**Records from a dataset:**
- - -
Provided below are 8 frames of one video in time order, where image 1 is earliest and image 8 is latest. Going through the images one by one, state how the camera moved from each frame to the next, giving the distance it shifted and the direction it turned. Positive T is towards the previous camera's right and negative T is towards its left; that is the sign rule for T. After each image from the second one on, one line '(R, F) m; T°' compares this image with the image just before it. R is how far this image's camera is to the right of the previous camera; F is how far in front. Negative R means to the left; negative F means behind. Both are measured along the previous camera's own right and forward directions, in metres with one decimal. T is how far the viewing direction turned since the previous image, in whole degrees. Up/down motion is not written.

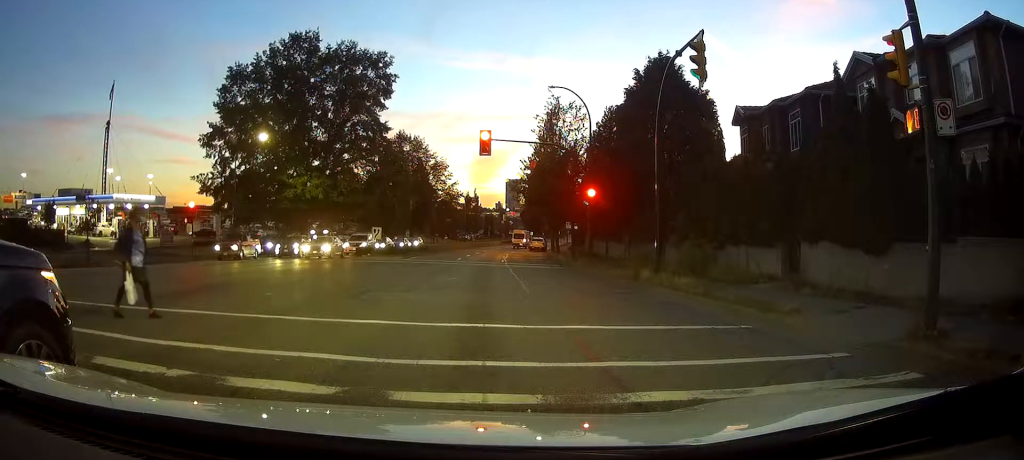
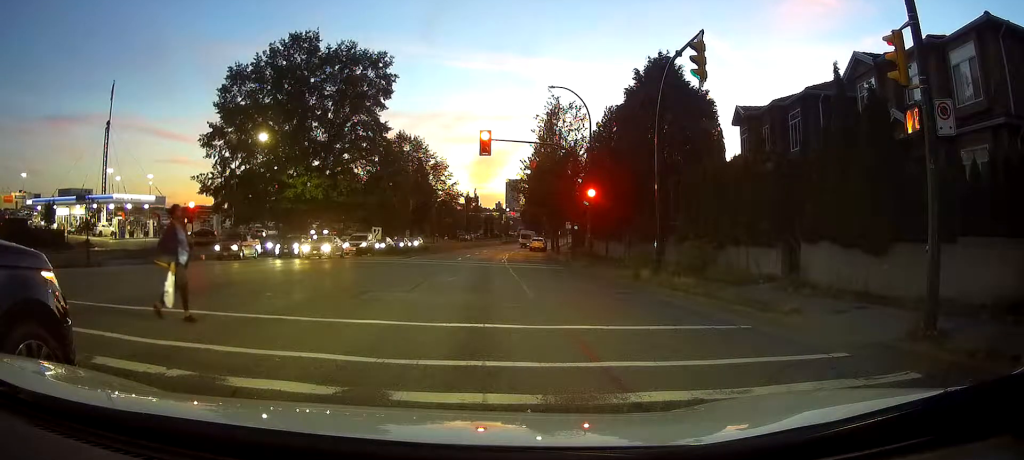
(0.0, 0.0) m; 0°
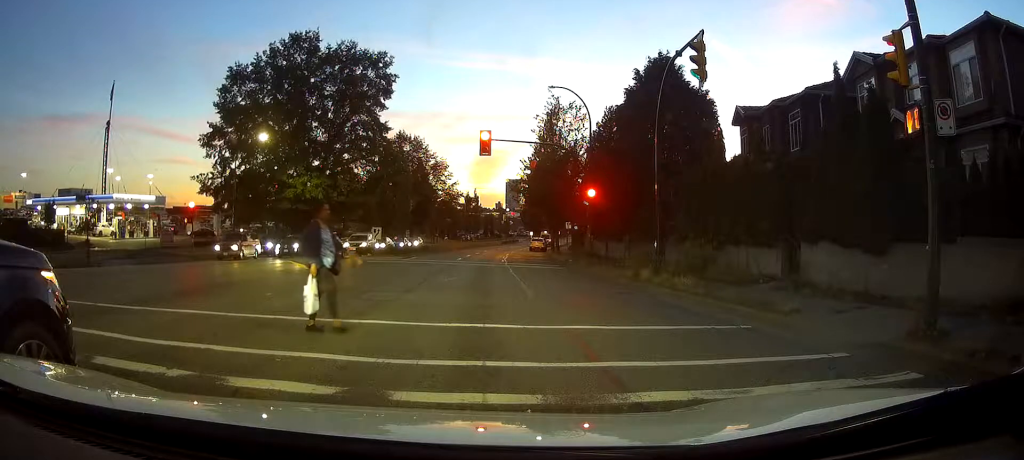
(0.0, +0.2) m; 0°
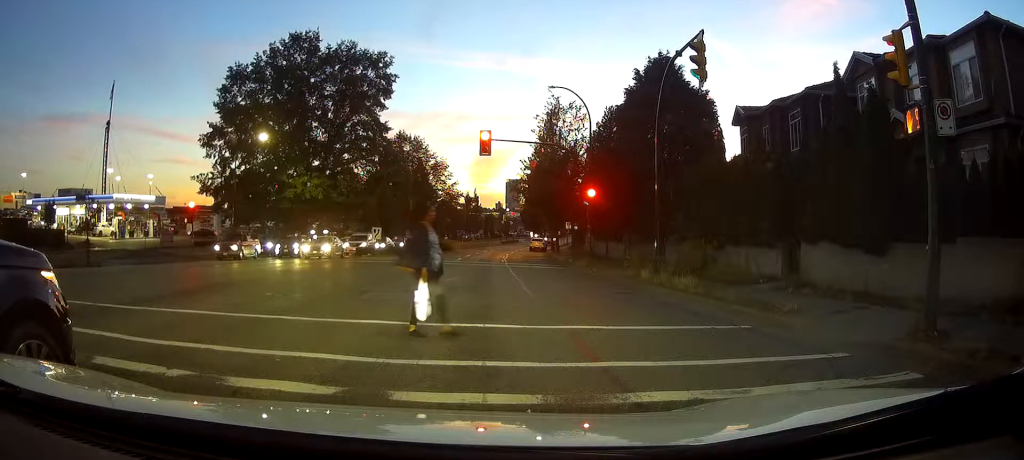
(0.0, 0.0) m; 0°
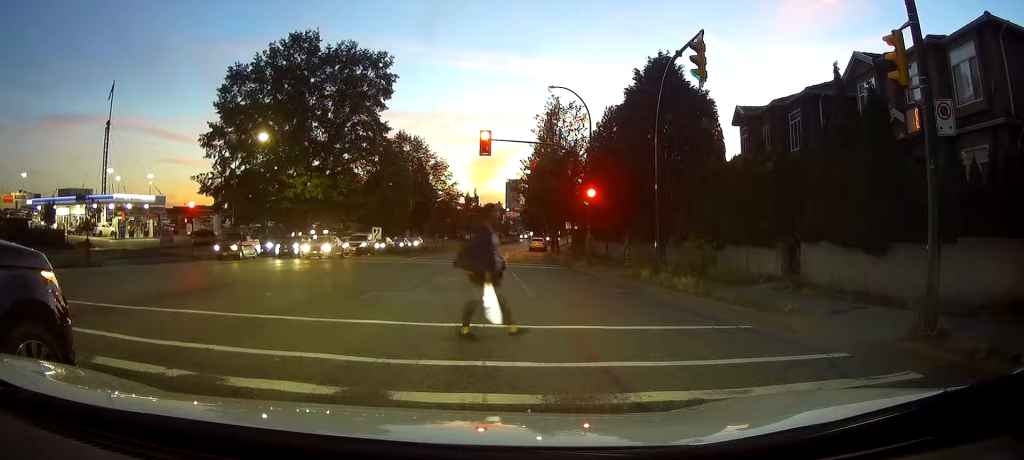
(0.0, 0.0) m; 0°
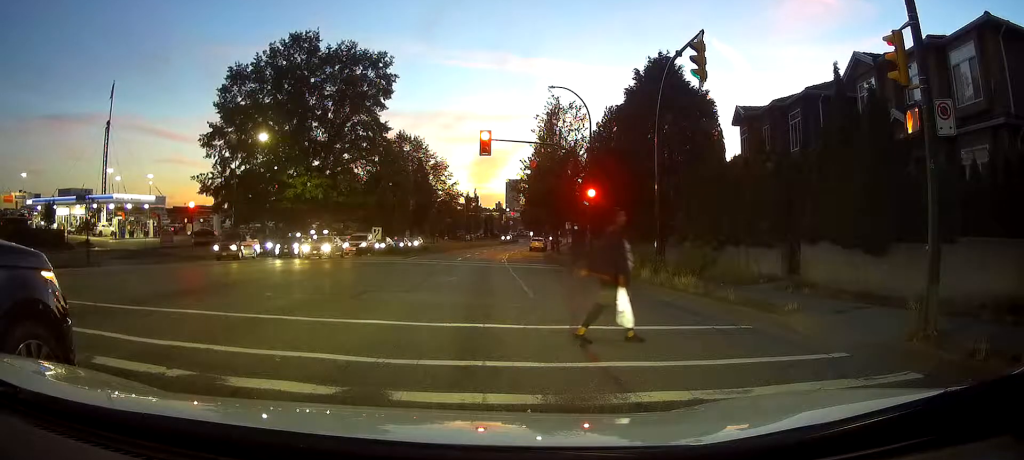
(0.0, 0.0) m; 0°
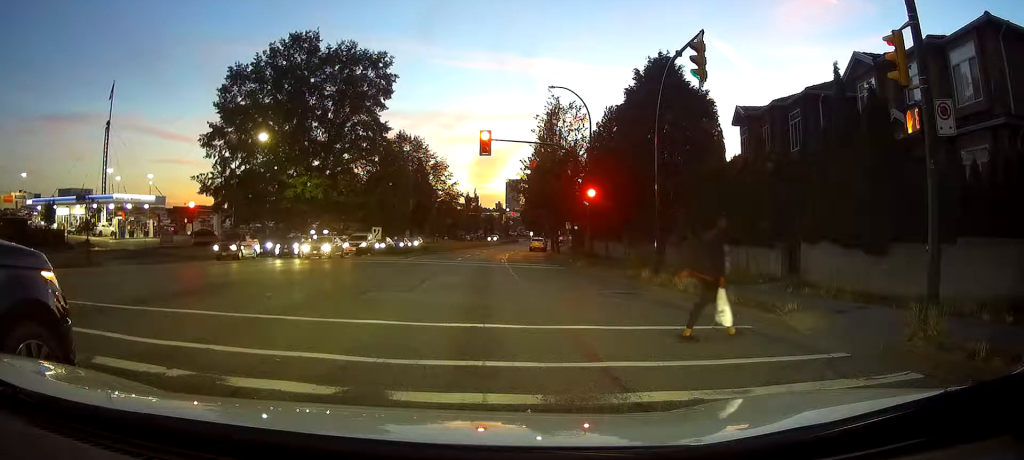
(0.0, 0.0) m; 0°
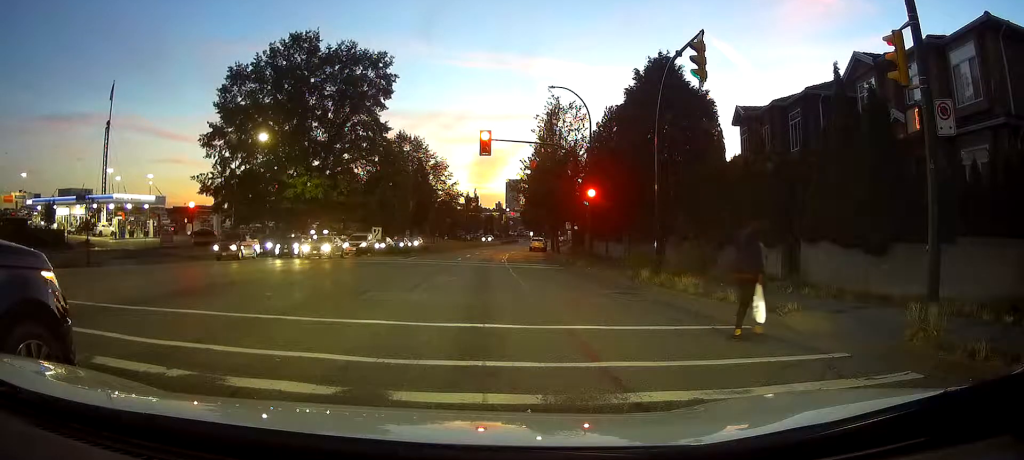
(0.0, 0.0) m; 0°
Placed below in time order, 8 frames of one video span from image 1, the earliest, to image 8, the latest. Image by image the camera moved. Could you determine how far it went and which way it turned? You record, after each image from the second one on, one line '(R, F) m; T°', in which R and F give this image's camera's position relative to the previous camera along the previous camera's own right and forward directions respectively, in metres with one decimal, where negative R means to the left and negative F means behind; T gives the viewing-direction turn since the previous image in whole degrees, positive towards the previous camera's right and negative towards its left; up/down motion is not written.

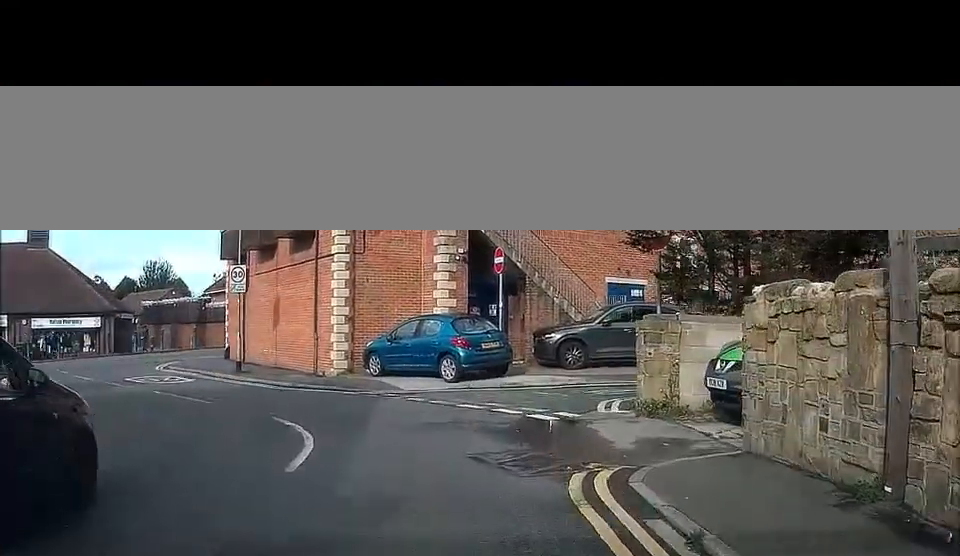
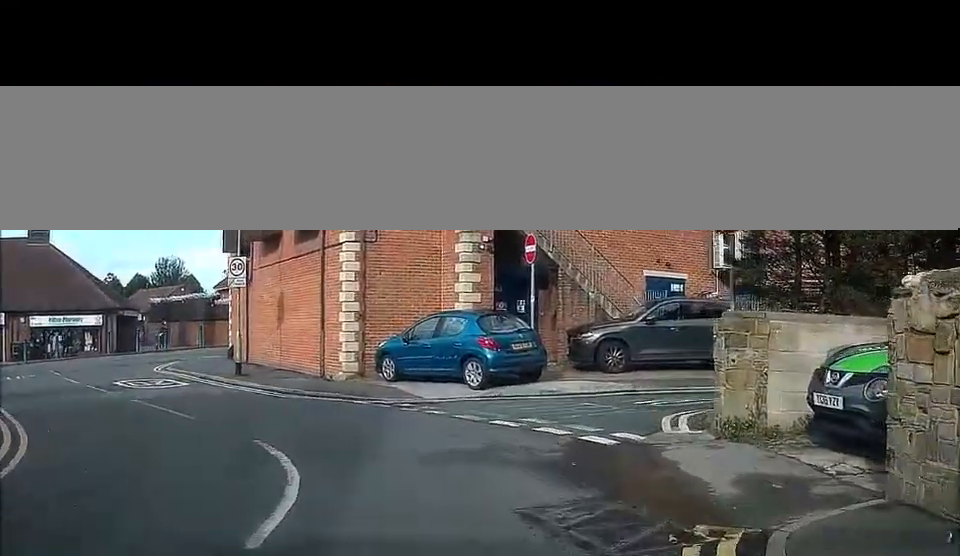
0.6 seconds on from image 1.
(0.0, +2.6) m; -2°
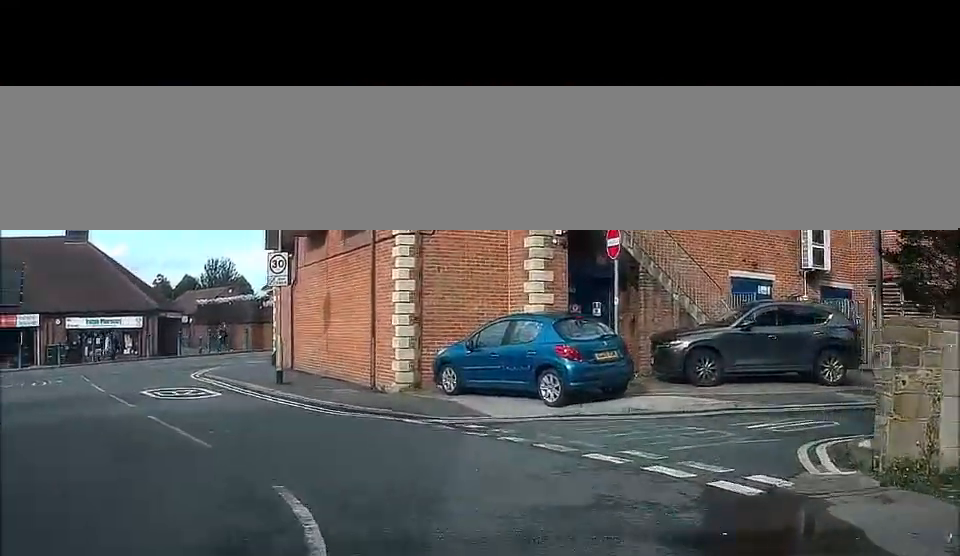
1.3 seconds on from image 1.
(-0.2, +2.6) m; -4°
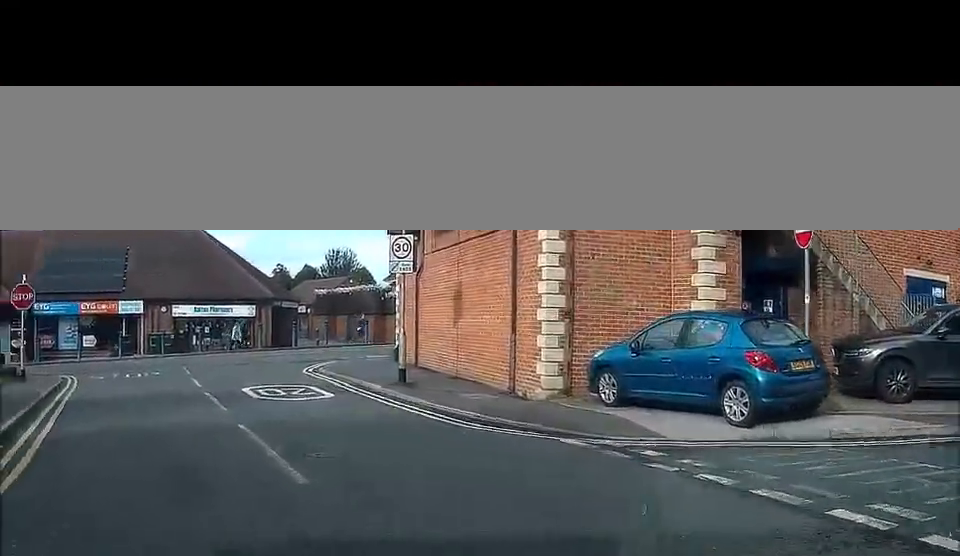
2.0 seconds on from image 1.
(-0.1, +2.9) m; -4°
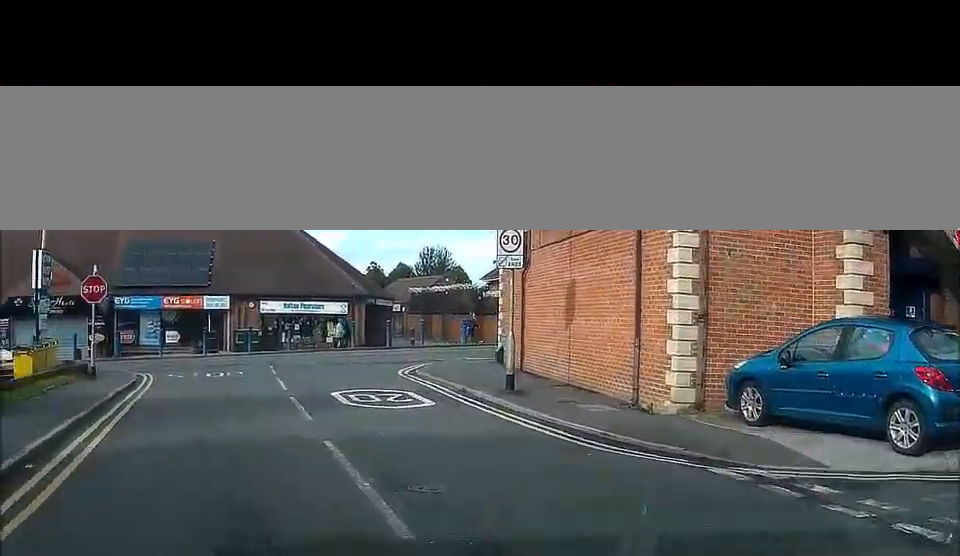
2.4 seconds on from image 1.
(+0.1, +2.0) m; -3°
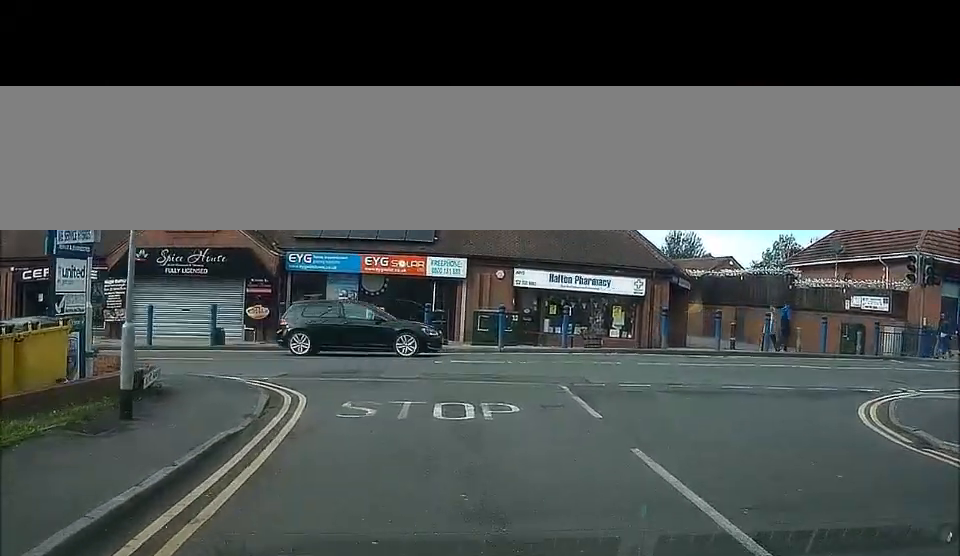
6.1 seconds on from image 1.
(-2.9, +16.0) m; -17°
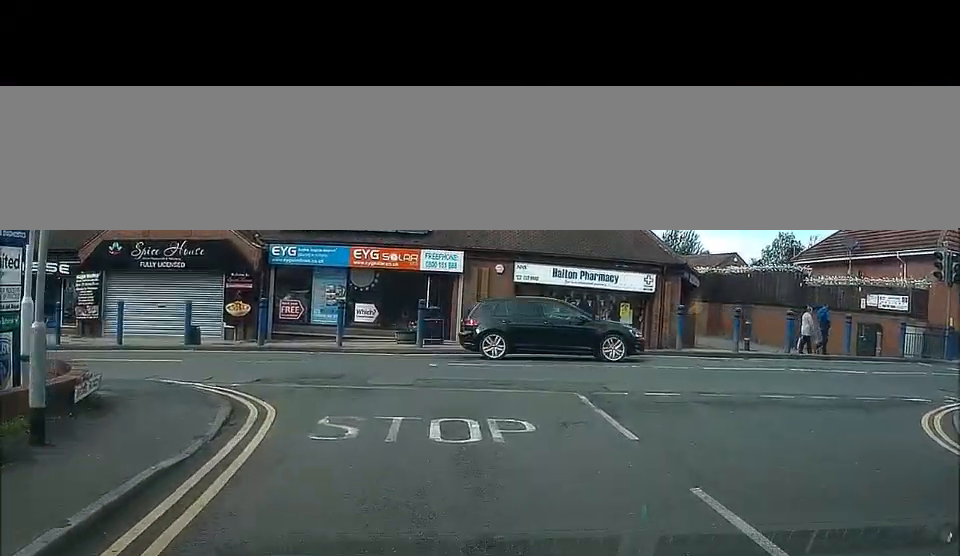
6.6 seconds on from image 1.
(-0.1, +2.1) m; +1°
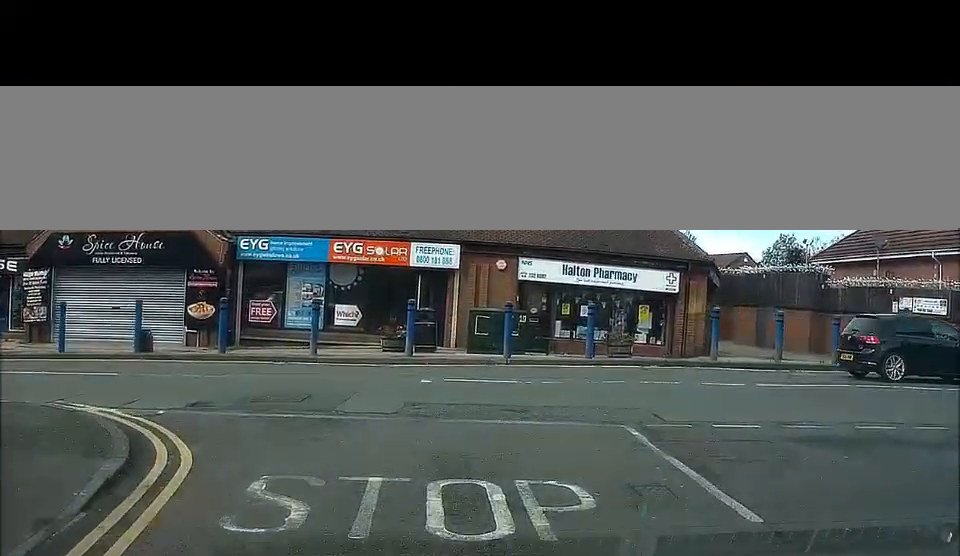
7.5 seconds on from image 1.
- - -
All the records need to be printed again exactly as written, though without their pictures.

Provided below are 8 frames of one video in time order, where image 1 is earliest and image 8 is latest. Going through the images one by one, state how the camera moved from each frame to the next, giving the distance it shifted and the direction it turned. Positive T is towards the previous camera's right and negative T is towards its left; that is the sign rule for T. After each image from the second one on, one line '(R, F) m; T°' compares this image with the image just before it. R is how far this image's camera is to the right of the previous camera; F is how far in front. Negative R means to the left; negative F means behind. Both are measured along the previous camera's own right and forward directions, in metres with one decimal. T is how far the viewing direction turned since the previous image, in whole degrees. Up/down motion is not written.

(0.0, 0.0) m; 0°
(0.0, +0.2) m; 0°
(0.0, 0.0) m; 0°
(0.0, 0.0) m; 0°
(0.0, 0.0) m; 0°
(0.0, 0.0) m; 0°
(0.0, 0.0) m; 0°
Placed below in time order, 8 frames of one video span from image 1, the earliest, to image 8, the latest. Image by image the camera moved. Could you determine how far it went and which way it turned? You record, after each image from the second one on, one line '(R, F) m; T°', in which R and F give this image's camera's position relative to the previous camera along the previous camera's own right and forward directions respectively, in metres with one decimal, where negative R means to the left and negative F means behind; T gives the viewing-direction turn since the previous image in whole degrees, positive towards the previous camera's right and negative towards its left; up/down motion is not written.

0.6 seconds on from image 1.
(0.0, +2.6) m; -2°
1.3 seconds on from image 1.
(-0.2, +2.6) m; -4°
2.0 seconds on from image 1.
(-0.1, +2.9) m; -4°
2.4 seconds on from image 1.
(+0.1, +2.0) m; -3°
6.1 seconds on from image 1.
(-2.9, +16.0) m; -17°
6.6 seconds on from image 1.
(-0.1, +2.1) m; +1°
7.5 seconds on from image 1.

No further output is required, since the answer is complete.